WHAT YOU WILL DO:
Reproduce verbatim all of the data given below, but do not carry over the images.

EXCERPTED RECORDS:
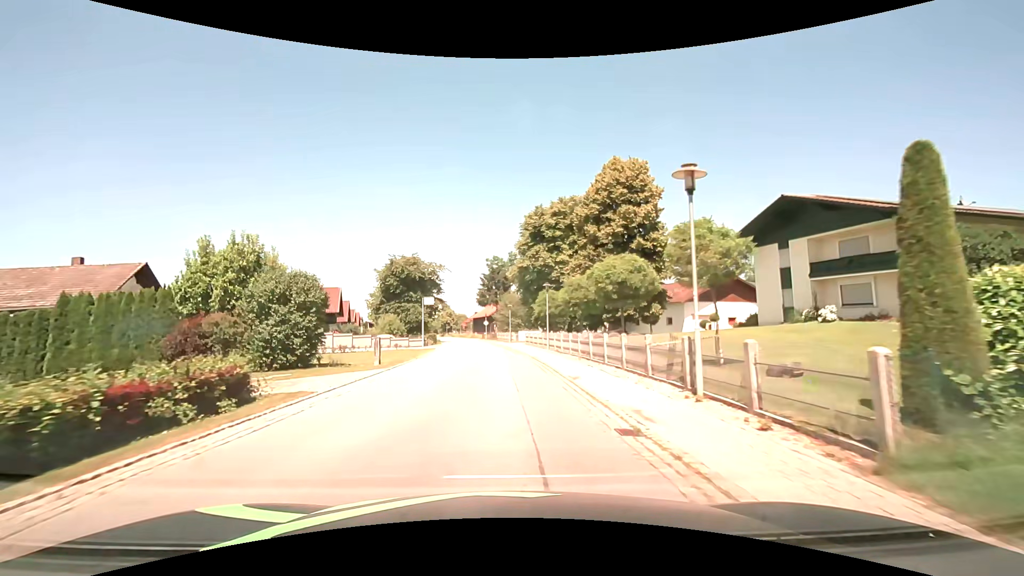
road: secondary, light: Day
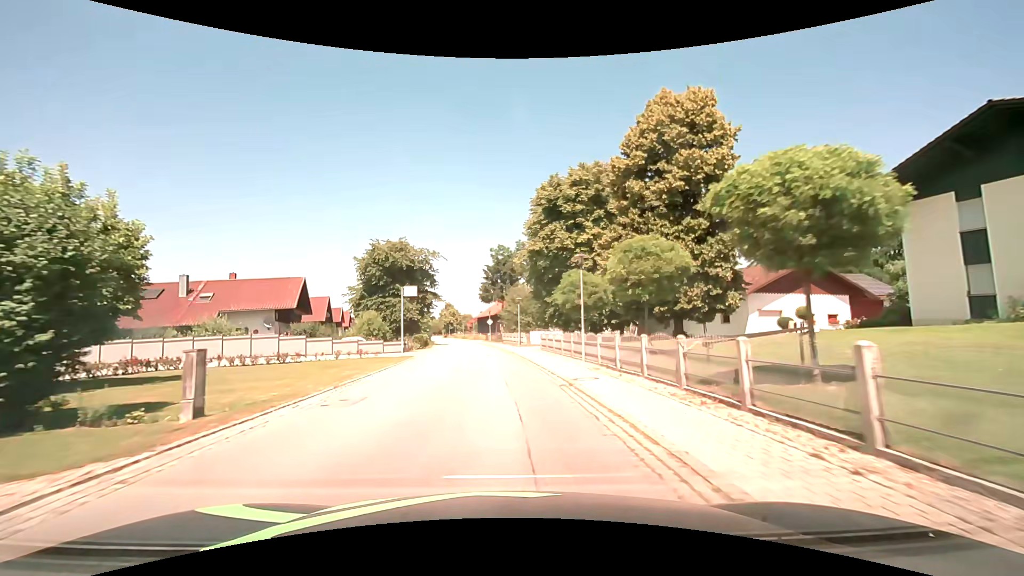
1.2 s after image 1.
(-0.1, +13.4) m; -1°
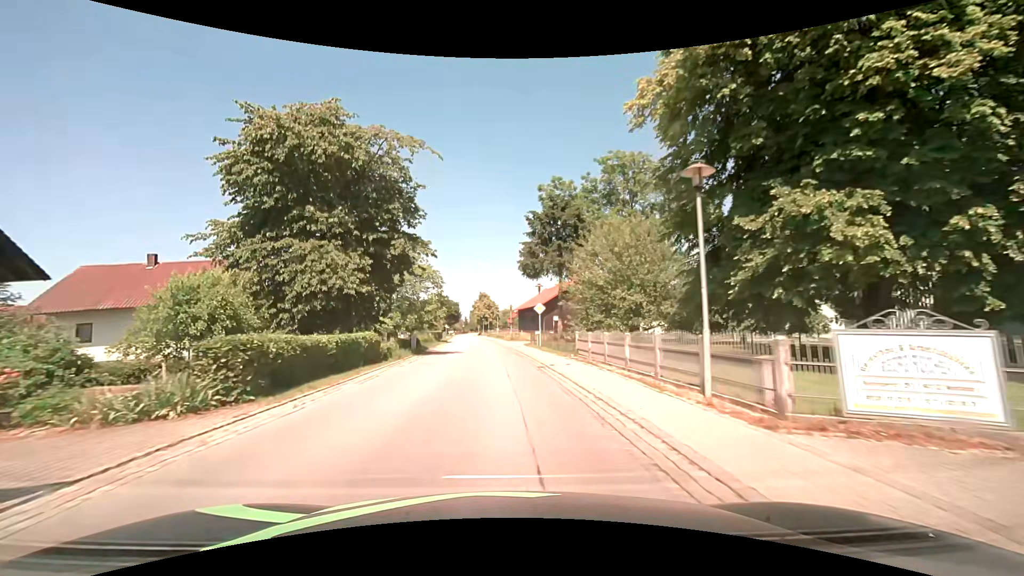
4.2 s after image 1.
(-1.8, +36.6) m; -6°
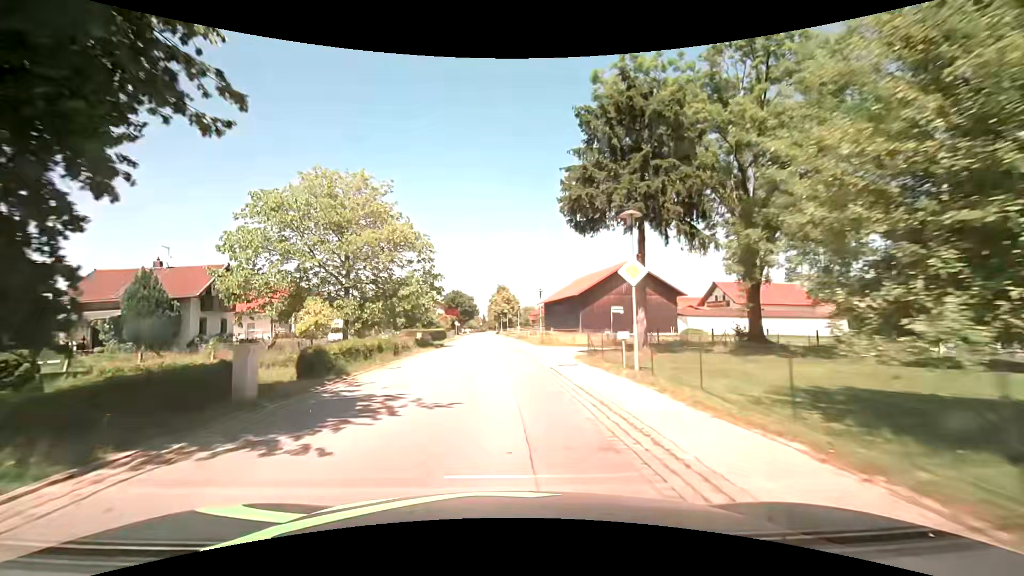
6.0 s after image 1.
(-0.3, +22.5) m; -2°
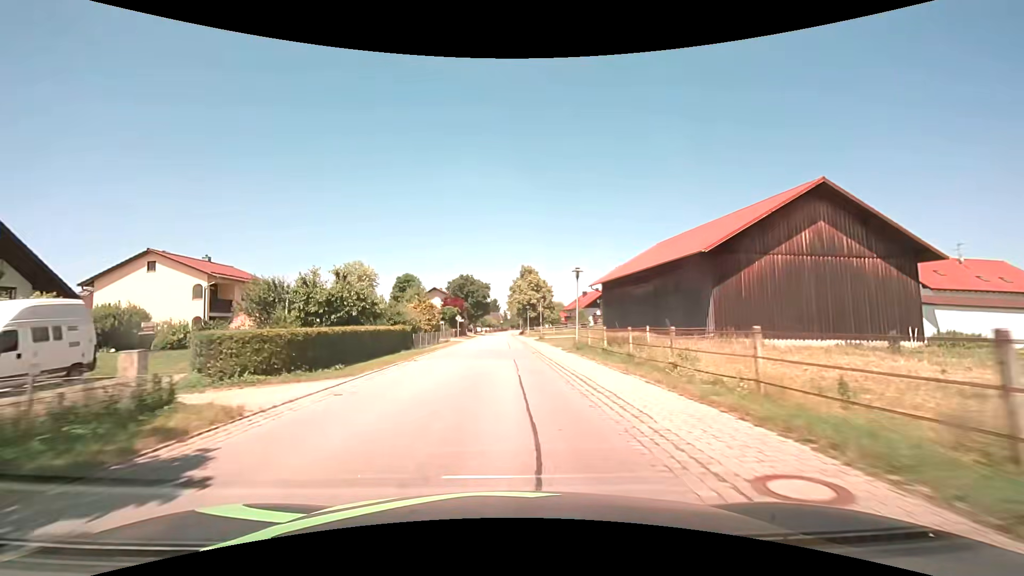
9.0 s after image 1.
(-1.0, +37.8) m; -2°
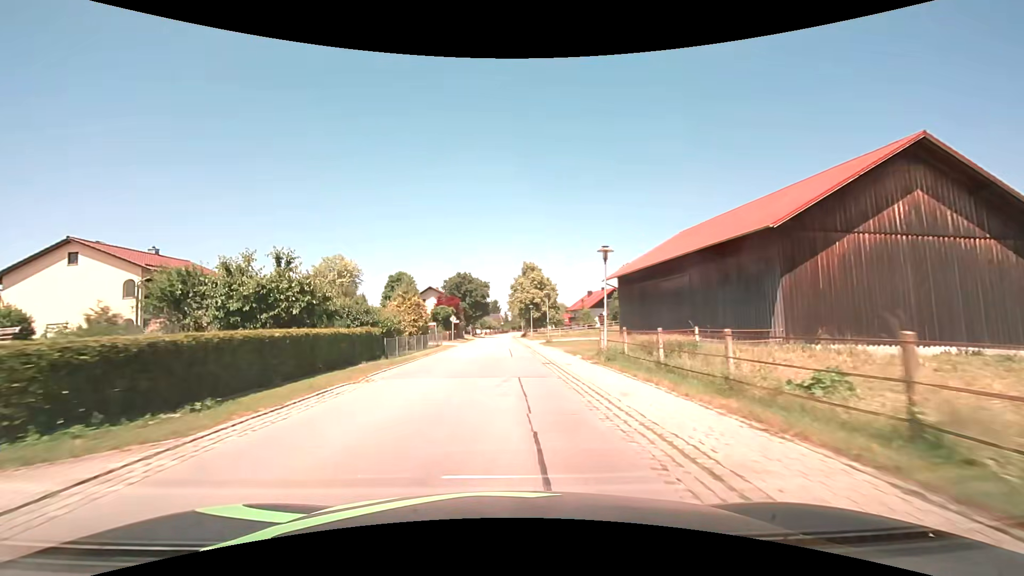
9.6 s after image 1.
(-0.1, +7.6) m; -1°
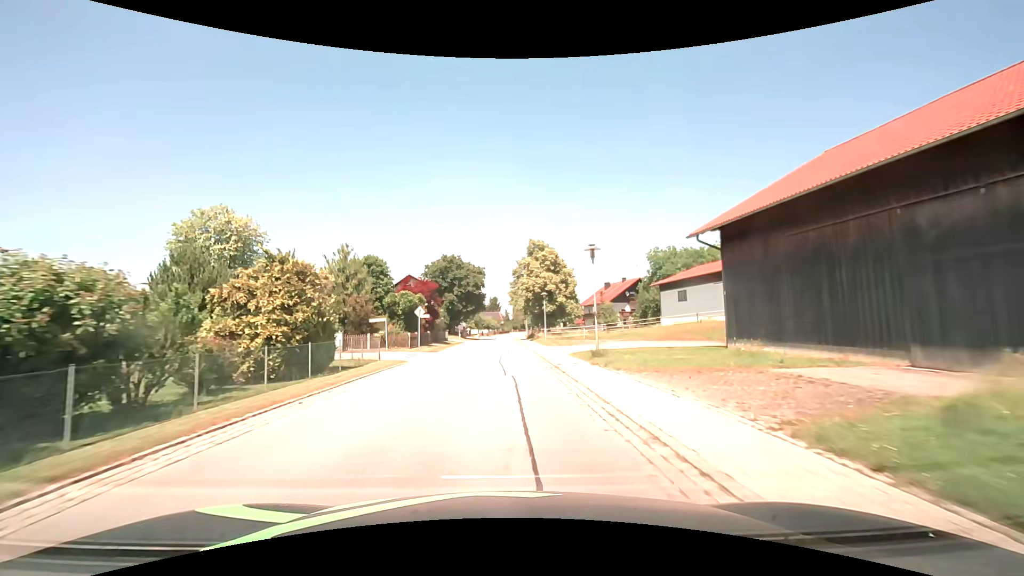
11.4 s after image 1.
(-0.1, +22.8) m; -1°
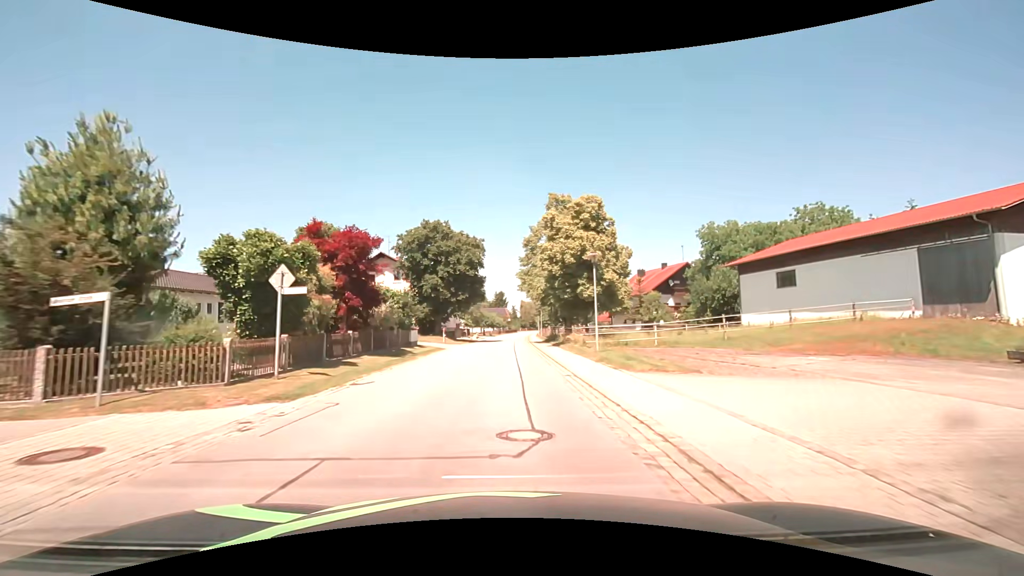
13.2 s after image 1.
(-0.1, +22.8) m; -1°
(0, +10) (0, +20) (0, +30) (0, +40) (0, +50) (+1, +60) (+1, +70) (+1, +80) (+2, +90) (+2, +100) m

WRITTEN REPLY:
road: secondary, light: Day
1.2 s after image 1.
(-0.1, +13.4) m; -1°
4.2 s after image 1.
(-1.8, +36.6) m; -6°
6.0 s after image 1.
(-0.3, +22.5) m; -2°
9.0 s after image 1.
(-1.0, +37.8) m; -2°
9.6 s after image 1.
(-0.1, +7.6) m; -1°
11.4 s after image 1.
(-0.1, +22.8) m; -1°
13.2 s after image 1.
(-0.1, +22.8) m; -1°
(0, +10) (0, +20) (0, +30) (0, +40) (0, +50) (+1, +60) (+1, +70) (+1, +80) (+2, +90) (+2, +100) m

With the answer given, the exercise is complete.